Several faculty members gasped and shuffled backward. It became eerily quiet and again I wondered if I should say something, explain myself perchance, but then an older math teacher entered the circle and faced Radner. The math teacher, Mrs. Northampton, had cake of her own and slammed it into Radner’s face, screeching that Mr. Smith deserved more respect as a supervisor and besides, Smith was in love with her, and would be leaving his wife. Radner’s best friend, Ms. Schue, dumped the bowl of pretzels over Northampton’s head and told her she was crazy. Soon, all sorts of female faculty members were throwing condiments, entrees, appetizers and desserts at one another, while the male members stood back to watch with goofy, juvenile smiles.

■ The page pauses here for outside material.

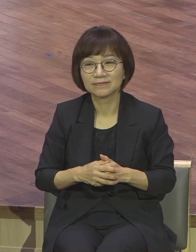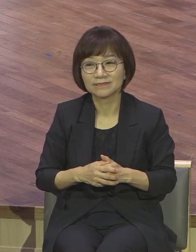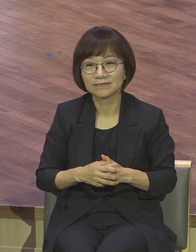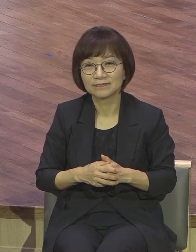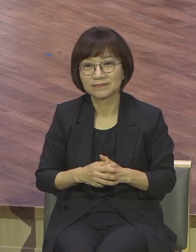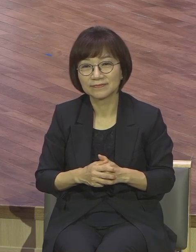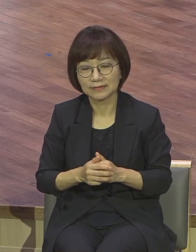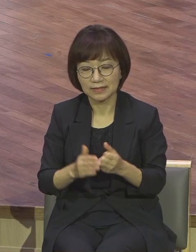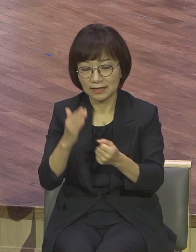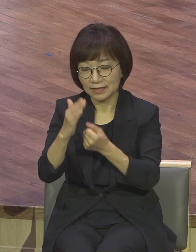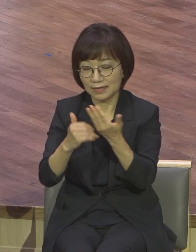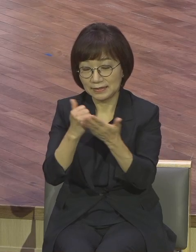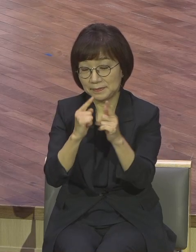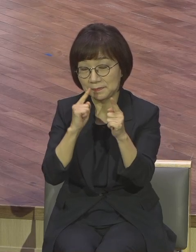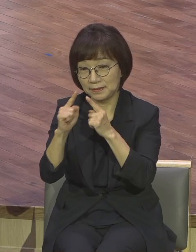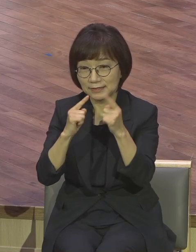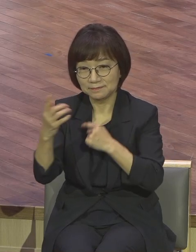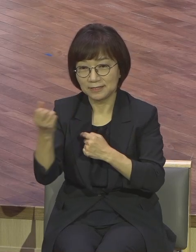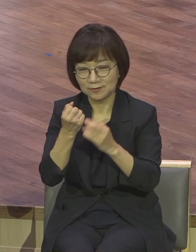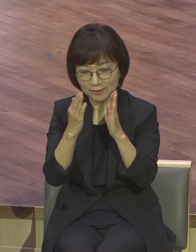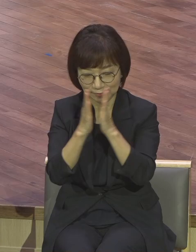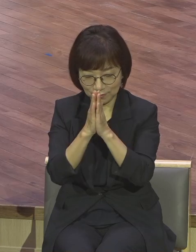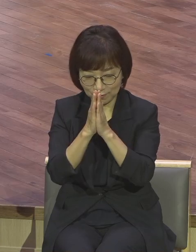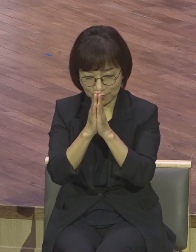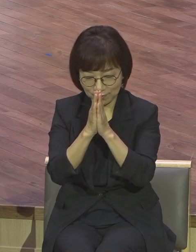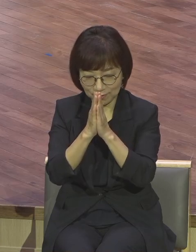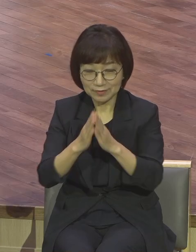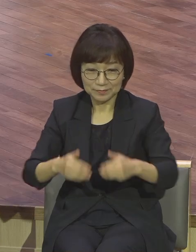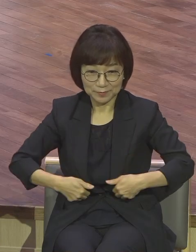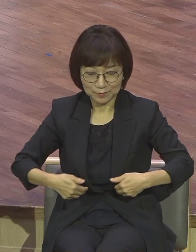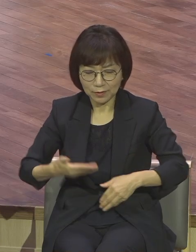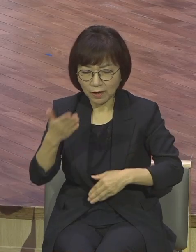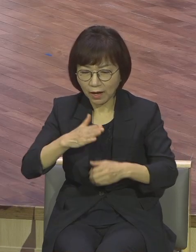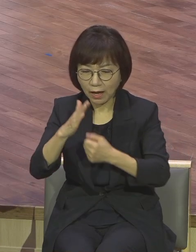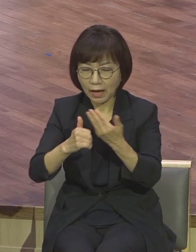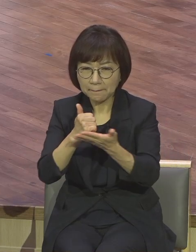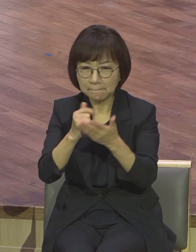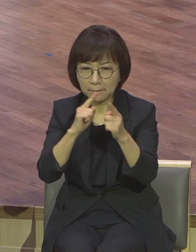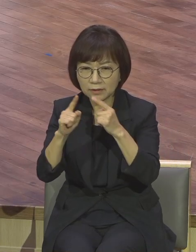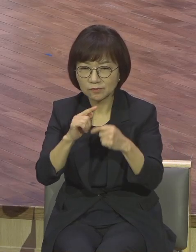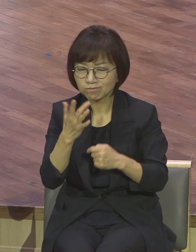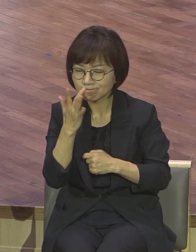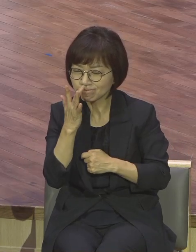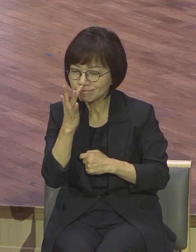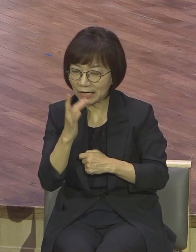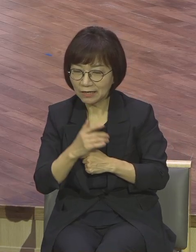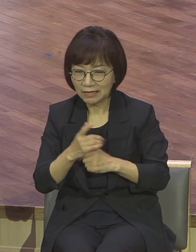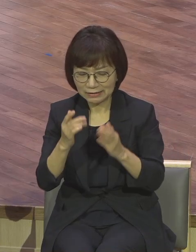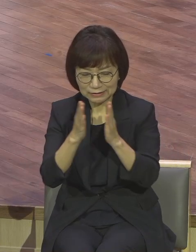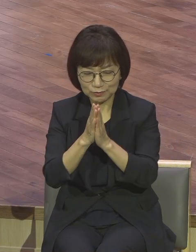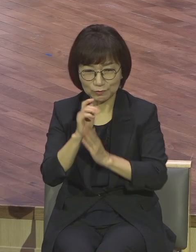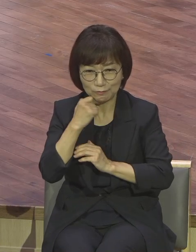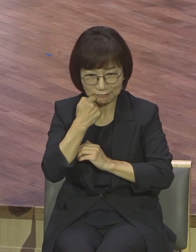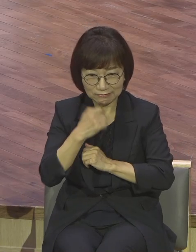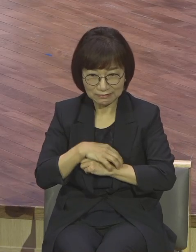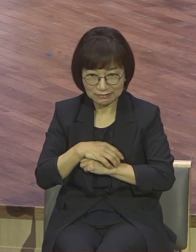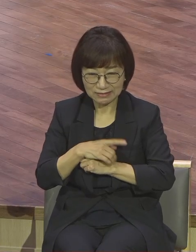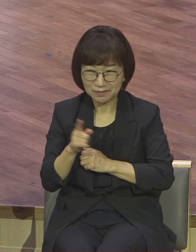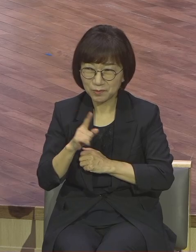기도해야 되는데 말씀이 없는데 기도하는 게 힘들잖아요 내 생각으로 꼬잡아내가지고 맨날 기끗한다는 게 먹고 마시는 거 그거
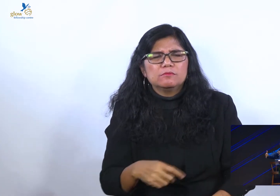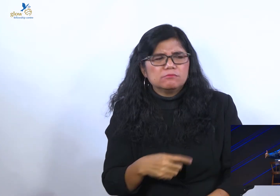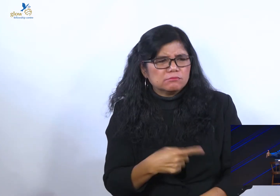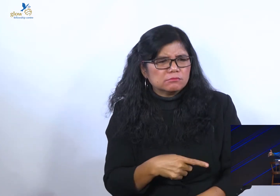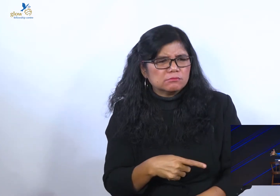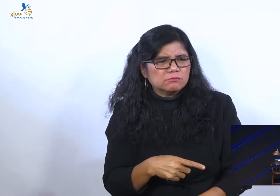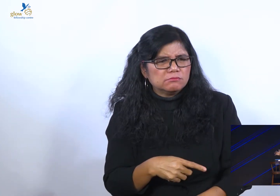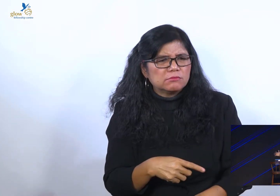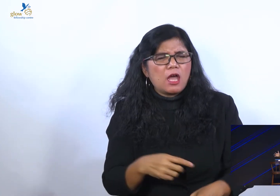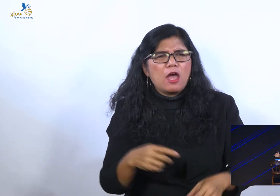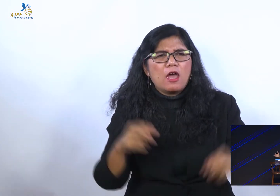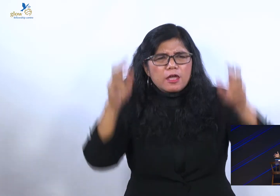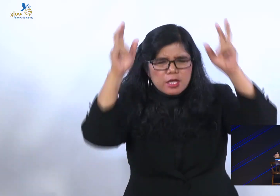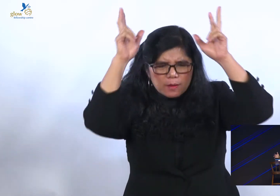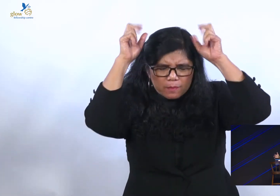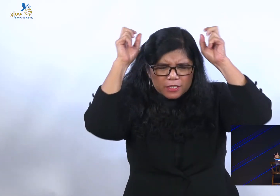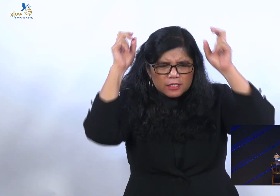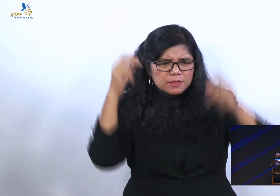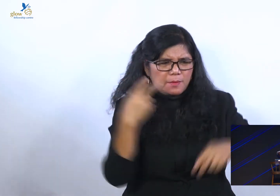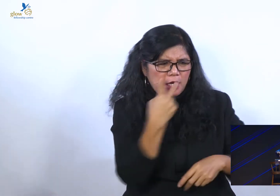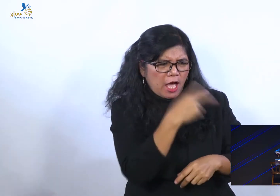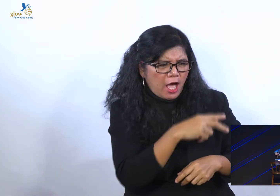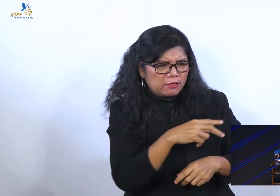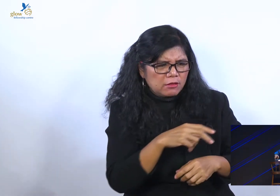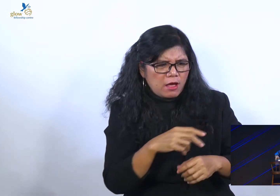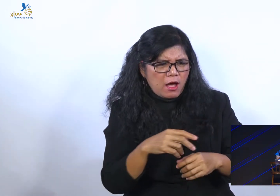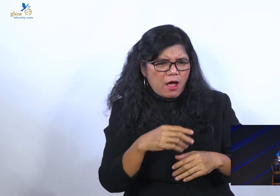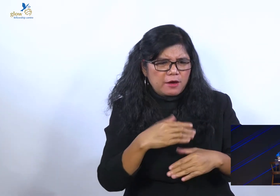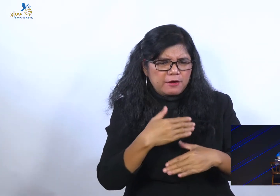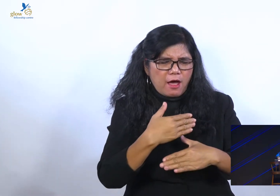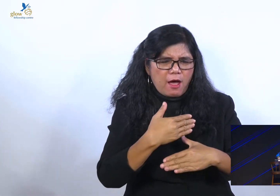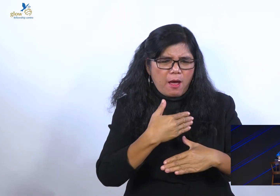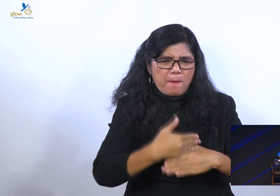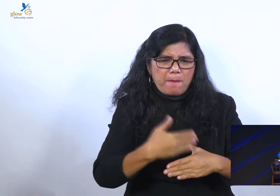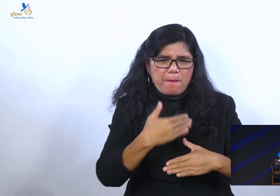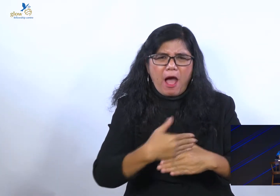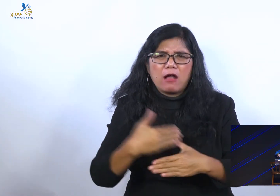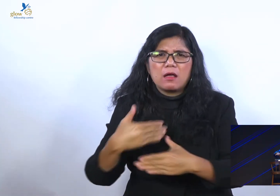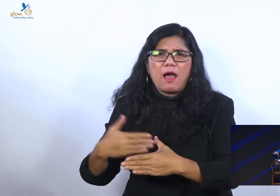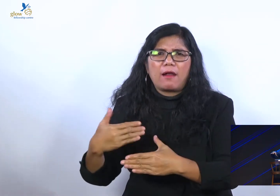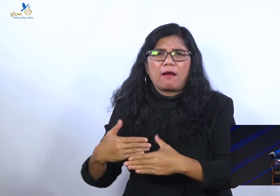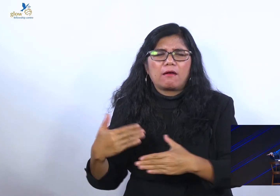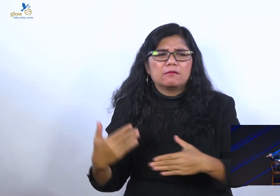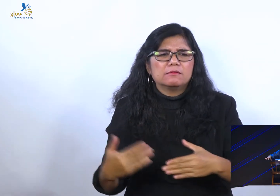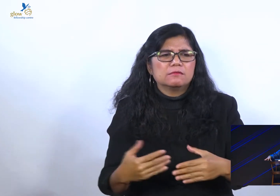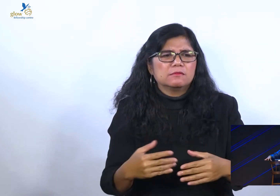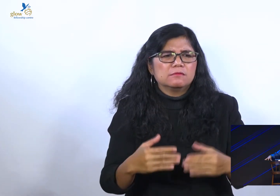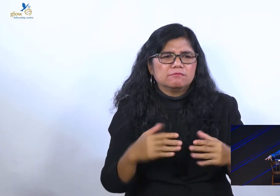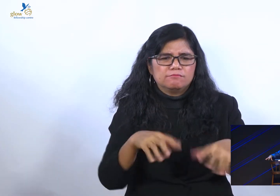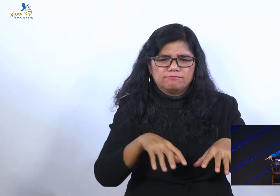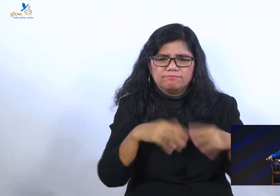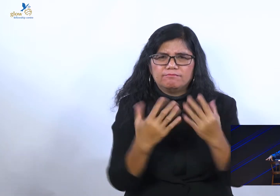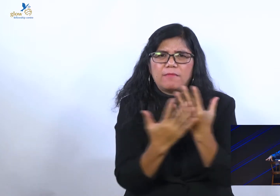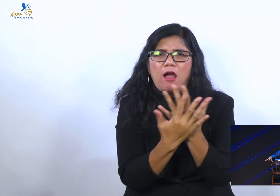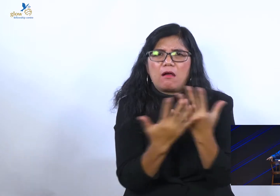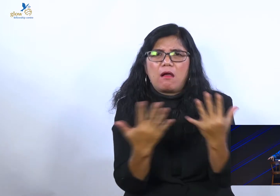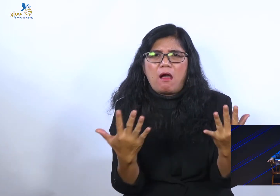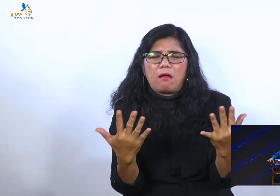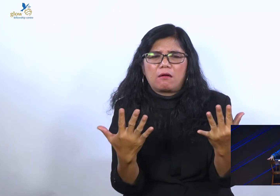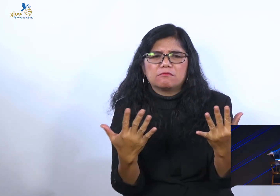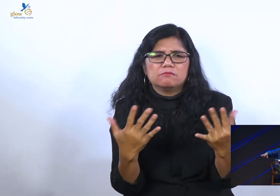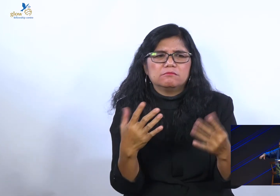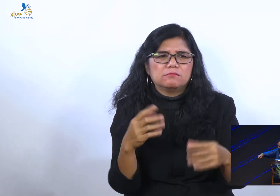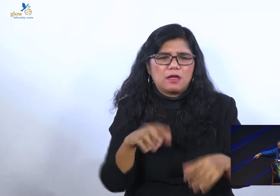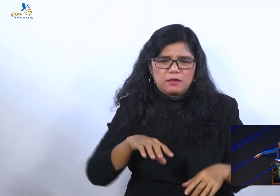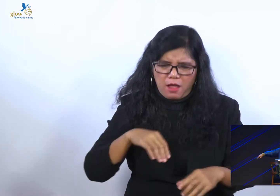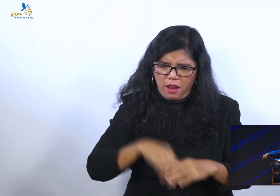ada pagar yang menjaga mereka, ada pagar sekeliling mereka, ada pagar atas rumah tangga mereka, keluarga,

I felt responsible, but enjoyed my removed position, and so I very discreetly stepped off the podium and headed to the double doors to the right, which was far from the fray. I had my purse, coat and car keys, so I was good to go. It wasn’t exactly the note I had wanted to end on, but I felt satisfied that no one would ever forget the day I left those hallowed halls of education. I was smiling in spite of myself, but stopped when I saw the ever-popular Mr. Smith, sitting just inside the exit doors, wiping cake from his face. He looked to me, and he looked ridiculous – covered in cake and deflated; somehow smaller than he had been just moments ago. “Happy trails, Linda.”
“Good luck, Frank,” I said. Then I left the building.